A high school student just built an AI model that can detect poaching activity in rainforests with remarkable accuracy. By training a model to distinguish the sounds of gunshots and chainsaws from the normal clamor of the jungle, he proved that consumer-grade hardware and accessible algorithms can now solve problems once reserved for state-funded labs. This isn't an isolated event; it's a signal that specialized AI is becoming radically accessible.

🚧 The Problem

Conservationists and environmental researchers are drowning in data. They deploy fleets of audio recorders that capture thousands, sometimes millions, of hours of sound from remote ecosystems. Buried in that noise are the critical events they need to track: the call of a nearly extinct bird, the rumble of an illegal logging truck, or the crack of a poacher's rifle. Finding these signals is like trying to hear a single pin drop in a hurricane. The manpower required to listen manually is astronomical, meaning most of this vital data sits unused, and critical events are missed.

🚀 The Solution

Enter Auris. We're building an API that acts as a superhuman listener for the planet.

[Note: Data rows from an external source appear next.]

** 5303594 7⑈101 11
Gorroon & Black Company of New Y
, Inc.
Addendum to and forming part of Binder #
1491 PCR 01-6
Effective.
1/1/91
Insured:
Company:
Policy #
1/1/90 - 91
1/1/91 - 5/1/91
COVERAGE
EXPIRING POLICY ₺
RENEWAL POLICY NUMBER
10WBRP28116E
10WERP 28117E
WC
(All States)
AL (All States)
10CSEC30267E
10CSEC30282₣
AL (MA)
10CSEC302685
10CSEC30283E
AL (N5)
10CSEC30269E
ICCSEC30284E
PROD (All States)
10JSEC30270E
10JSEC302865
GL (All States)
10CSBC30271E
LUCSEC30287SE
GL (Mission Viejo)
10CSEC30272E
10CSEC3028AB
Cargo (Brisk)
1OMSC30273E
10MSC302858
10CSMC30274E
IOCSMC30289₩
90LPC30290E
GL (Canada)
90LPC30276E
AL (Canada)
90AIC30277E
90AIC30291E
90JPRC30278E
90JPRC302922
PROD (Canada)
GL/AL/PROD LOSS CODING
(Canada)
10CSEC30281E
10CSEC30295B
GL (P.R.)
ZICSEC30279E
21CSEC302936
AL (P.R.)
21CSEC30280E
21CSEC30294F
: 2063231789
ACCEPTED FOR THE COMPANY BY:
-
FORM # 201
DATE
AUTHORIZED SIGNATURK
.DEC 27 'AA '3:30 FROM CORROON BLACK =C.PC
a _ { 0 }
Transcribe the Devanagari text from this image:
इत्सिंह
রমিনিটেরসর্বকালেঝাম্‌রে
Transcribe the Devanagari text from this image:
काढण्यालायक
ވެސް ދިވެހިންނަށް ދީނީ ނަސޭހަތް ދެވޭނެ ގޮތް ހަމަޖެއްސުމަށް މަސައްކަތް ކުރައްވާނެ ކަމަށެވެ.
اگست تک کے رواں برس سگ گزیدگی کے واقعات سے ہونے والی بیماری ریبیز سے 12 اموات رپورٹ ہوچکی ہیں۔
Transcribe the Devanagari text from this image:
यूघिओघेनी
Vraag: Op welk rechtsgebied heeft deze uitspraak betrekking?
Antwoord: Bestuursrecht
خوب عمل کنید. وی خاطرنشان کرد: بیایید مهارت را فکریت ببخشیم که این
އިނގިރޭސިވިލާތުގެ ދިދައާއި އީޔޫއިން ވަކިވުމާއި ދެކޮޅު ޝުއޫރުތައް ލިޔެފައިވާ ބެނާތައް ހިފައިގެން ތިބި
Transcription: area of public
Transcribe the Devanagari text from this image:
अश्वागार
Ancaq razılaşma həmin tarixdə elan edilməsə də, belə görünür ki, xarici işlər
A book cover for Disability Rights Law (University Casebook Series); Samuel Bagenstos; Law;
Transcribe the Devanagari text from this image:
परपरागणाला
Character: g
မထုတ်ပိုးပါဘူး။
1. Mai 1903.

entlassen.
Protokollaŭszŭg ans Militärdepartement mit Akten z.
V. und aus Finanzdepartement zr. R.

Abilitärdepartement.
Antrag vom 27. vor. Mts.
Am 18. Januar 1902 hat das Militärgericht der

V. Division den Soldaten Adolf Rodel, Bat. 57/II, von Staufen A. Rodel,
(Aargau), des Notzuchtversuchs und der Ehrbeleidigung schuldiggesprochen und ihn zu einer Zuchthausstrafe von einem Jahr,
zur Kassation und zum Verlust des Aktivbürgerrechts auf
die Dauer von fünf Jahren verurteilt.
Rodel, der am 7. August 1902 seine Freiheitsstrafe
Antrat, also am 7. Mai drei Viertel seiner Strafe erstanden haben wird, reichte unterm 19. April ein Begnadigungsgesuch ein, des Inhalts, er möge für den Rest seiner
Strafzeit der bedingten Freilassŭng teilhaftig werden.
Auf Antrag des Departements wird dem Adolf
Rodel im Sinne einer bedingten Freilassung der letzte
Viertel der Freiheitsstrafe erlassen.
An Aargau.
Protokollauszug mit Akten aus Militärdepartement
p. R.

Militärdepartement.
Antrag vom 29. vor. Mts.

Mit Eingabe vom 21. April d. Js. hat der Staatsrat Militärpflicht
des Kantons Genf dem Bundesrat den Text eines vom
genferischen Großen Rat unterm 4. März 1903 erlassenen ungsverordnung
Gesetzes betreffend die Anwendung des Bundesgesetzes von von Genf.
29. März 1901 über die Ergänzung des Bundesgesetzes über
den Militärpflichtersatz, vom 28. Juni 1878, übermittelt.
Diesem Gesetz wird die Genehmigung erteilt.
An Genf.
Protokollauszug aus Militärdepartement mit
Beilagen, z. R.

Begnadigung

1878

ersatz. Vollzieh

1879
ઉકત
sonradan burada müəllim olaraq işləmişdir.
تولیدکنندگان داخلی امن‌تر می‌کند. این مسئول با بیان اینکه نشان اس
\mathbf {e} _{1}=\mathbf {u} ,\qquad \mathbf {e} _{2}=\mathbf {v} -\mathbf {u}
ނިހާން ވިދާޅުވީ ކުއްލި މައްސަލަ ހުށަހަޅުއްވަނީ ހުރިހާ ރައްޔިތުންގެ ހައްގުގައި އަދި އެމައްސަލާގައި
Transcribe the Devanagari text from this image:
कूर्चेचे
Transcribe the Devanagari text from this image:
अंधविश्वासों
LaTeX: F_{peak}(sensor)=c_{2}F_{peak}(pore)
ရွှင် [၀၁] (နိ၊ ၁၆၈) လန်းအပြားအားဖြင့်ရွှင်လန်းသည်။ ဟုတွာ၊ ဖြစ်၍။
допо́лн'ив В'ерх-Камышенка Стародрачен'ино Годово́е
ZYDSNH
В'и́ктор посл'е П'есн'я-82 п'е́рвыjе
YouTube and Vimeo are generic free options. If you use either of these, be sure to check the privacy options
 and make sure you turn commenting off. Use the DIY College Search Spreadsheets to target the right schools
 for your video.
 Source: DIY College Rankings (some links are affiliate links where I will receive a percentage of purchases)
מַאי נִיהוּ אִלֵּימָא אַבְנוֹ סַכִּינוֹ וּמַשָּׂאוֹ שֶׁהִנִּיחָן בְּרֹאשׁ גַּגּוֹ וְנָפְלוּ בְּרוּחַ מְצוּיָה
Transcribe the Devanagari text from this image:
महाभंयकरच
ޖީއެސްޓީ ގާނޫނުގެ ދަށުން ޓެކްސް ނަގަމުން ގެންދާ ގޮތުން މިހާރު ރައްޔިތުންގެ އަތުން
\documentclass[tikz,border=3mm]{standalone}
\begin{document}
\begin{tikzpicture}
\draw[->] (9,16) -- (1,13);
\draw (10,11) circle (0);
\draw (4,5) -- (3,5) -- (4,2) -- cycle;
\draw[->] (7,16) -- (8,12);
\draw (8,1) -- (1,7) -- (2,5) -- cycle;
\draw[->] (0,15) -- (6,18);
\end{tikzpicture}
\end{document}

Auris allows researchers and conservation groups to upload massive audio datasets and instantly identify specific acoustic events. Instead of manually scrubbing through terabytes of audio, a scientist can make a simple API call to find every instance of a specific jaguar vocalization or receive an immediate SMS alert when the sound of a chainsaw is detected in a protected reserve. We turn audio archives from a data liability into a searchable, actionable intelligence asset.